CSE-842-hw3

Problem 1

python p1.py

a. Package used

PyTorch (through the Hugging Face Transformers library)

b. Model used

distilbert-base-uncased

c. Brief description of the model

DistilBERT is a smaller and faster version of the original BERT model. It retains 95% of the performance while being 60% smaller and 2.5 times faster. The 'distilbert-base-uncased' model is based on the BERT 'base' architecture with 12 transformer layers, 768 hidden units, and 12 attention heads. The model is trained on lowercase text, hence the 'uncased' part in the name.

d. Results

The training logs show that the model's performance improved over the course of 3 epochs. The training loss decreased from 1.6176 to 1.1103. The evaluation loss also dropped, going from 1.5995 to 1.1106. The final evaluation loss is 1.1106, which indicates that the model's performance on the test data improved after fine-tuning on the training data. Please note that the performance metrics such as accuracy or F1 score are not provided in the logs, but you can obtain them using the trainer.evaluate() method.

Here's a summary of the loss values in a Markdown table:

Epoch	Training Loss	Evaluation Loss
1	1.6211	1.5995
2	1.4139	1.3510
3	1.1103	1.1106

e. Something new or interesting learned during implementation

During this implementation, I learned how to fine-tune a pre-trained DistilBERT model on a custom dataset (Yelp reviews) using the Hugging Face Transformers library. The code demonstrates how to load a dataset, preprocess it, set up training arguments, and train and evaluate the model using the Trainer class.
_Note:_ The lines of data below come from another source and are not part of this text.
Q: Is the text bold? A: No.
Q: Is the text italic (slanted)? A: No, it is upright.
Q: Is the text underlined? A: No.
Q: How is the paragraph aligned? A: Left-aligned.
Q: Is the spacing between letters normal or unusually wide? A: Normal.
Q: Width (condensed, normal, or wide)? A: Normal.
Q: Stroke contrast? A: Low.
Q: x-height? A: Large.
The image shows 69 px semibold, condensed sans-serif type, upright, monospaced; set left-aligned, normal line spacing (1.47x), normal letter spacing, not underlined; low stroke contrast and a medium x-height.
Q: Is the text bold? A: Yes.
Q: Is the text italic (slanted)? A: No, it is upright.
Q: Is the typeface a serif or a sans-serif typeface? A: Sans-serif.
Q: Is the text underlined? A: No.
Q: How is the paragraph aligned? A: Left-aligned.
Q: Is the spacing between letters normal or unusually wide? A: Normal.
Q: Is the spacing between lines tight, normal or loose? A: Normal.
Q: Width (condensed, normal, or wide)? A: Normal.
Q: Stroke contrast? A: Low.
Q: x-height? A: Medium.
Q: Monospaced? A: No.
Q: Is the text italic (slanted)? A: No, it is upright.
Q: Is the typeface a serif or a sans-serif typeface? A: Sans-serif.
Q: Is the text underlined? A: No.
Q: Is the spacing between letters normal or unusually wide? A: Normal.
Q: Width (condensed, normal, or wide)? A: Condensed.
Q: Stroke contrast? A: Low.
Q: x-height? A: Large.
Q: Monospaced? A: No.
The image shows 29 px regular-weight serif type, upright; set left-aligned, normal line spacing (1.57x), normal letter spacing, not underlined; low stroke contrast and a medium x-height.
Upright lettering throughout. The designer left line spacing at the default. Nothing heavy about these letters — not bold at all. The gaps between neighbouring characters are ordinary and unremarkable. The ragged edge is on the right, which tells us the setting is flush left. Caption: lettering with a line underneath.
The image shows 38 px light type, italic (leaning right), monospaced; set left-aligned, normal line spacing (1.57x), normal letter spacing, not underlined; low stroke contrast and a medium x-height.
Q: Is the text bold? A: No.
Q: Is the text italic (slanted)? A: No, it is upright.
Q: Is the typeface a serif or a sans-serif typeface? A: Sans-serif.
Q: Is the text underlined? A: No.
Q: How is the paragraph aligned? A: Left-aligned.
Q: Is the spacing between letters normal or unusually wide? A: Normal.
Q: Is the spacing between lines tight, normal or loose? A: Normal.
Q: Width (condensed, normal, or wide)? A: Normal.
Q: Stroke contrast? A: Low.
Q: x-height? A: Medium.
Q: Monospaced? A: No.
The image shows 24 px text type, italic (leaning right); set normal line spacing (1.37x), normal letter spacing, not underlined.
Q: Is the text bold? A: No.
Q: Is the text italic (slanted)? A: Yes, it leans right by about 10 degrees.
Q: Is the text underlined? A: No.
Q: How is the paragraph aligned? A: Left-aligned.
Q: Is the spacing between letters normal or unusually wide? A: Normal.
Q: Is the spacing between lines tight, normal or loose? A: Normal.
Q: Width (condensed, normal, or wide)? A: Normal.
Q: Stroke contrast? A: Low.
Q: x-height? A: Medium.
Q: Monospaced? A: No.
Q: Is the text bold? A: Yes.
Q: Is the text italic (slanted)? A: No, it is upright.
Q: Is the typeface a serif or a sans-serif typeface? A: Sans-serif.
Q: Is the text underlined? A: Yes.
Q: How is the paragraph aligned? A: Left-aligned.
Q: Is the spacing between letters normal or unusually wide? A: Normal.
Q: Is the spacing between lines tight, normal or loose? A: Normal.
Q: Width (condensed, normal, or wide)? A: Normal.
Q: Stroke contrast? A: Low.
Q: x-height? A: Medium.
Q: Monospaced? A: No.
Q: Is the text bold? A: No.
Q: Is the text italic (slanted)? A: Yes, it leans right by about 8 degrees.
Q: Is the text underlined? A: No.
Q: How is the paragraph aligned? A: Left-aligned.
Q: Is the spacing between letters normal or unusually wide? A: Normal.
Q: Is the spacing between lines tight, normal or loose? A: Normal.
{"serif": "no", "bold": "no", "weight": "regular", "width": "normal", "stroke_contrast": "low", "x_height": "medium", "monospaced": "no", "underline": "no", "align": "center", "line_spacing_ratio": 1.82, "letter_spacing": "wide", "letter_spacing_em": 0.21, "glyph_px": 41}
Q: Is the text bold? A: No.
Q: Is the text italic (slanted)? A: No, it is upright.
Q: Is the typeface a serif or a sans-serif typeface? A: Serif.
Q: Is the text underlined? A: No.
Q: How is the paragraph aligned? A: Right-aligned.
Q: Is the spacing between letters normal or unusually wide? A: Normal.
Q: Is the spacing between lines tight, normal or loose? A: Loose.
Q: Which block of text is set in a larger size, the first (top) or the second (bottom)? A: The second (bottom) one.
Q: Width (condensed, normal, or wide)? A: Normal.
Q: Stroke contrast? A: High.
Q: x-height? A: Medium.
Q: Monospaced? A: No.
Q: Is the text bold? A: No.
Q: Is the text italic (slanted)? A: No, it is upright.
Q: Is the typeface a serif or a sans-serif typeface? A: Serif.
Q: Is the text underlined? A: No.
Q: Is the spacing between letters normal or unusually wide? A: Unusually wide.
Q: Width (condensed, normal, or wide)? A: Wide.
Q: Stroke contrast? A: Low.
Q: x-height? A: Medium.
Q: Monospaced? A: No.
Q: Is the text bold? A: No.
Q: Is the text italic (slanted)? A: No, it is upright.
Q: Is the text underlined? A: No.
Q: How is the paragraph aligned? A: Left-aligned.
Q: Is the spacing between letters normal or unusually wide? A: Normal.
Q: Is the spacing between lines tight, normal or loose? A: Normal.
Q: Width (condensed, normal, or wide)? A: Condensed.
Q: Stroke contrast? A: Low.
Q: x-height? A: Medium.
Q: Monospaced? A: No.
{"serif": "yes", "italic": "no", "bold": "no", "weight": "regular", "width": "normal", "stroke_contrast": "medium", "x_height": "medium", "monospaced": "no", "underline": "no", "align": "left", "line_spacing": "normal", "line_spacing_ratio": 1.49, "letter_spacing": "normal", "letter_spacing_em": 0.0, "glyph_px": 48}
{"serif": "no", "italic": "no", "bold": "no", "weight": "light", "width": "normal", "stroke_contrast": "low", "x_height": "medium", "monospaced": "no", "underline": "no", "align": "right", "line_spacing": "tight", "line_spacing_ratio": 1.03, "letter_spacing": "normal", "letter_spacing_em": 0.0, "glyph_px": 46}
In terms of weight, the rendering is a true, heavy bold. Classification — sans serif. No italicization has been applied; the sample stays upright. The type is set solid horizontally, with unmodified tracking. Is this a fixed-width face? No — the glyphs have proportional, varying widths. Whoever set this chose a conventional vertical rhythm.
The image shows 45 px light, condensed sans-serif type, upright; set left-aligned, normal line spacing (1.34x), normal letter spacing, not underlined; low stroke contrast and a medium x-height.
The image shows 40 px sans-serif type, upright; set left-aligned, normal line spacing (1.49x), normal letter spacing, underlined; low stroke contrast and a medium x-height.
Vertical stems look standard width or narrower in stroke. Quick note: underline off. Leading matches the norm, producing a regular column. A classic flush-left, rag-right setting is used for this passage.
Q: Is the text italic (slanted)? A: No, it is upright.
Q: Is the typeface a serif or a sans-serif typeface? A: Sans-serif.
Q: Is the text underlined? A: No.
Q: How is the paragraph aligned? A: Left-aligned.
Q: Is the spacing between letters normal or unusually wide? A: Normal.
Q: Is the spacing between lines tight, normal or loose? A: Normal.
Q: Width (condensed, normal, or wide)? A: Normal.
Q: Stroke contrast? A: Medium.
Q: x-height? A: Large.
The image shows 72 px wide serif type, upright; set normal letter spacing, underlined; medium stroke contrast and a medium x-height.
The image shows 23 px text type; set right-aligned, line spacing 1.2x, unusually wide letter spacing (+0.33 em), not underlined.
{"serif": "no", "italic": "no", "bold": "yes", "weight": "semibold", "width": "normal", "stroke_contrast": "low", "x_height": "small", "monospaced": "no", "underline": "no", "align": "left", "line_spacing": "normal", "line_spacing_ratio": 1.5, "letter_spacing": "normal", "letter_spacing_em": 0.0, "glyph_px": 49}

It also shows how to use a custom tokenizer and apply it to the dataset using the map function.

Problem 2

Instructions

Install the necessary libraries:

pip install numpy pandas scikit-learn nltk gensim allennlp

Download the Word2Vec model from GoogleNews-vectors-negative300.bin.gz and the GloVe model from glove.6B.300d.txt.
Update the data_dir variable in the code to the path of the Polarity 2.0 dataset, and update the paths for the Word2Vec and GloVe model files.
Run the script:

python SVC_polarity.py

a. Your chosen NLP task and why you wanted to study it.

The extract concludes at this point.